Segment Open

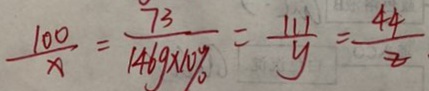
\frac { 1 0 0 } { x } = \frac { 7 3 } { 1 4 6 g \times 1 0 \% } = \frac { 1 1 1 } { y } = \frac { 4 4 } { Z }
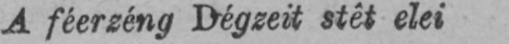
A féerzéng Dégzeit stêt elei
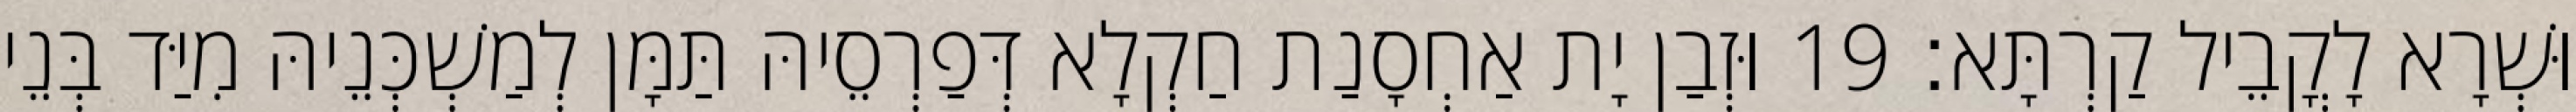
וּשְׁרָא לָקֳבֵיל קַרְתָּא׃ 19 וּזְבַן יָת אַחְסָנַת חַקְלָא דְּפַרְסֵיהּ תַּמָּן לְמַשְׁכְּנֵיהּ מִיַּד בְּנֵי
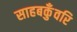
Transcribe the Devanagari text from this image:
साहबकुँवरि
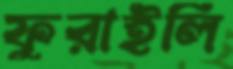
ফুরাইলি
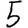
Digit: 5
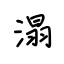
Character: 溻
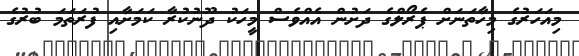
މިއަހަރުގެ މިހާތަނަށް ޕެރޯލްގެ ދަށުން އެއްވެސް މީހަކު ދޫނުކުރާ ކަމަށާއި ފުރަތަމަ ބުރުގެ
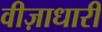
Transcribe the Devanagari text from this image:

Segment Closed

• _What you should do_:
Leave out the pictures, then reproduce exactly the run of lines from the one that contains "Character: 溻" to the final line of the listing above.

• _Reply to the exercise_:
Character: 溻
މިއަހަރުގެ މިހާތަނަށް ޕެރޯލްގެ ދަށުން އެއްވެސް މީހަކު ދޫނުކުރާ ކަމަށާއި ފުރަތަމަ ބުރުގެ
Transcribe the Devanagari text from this image:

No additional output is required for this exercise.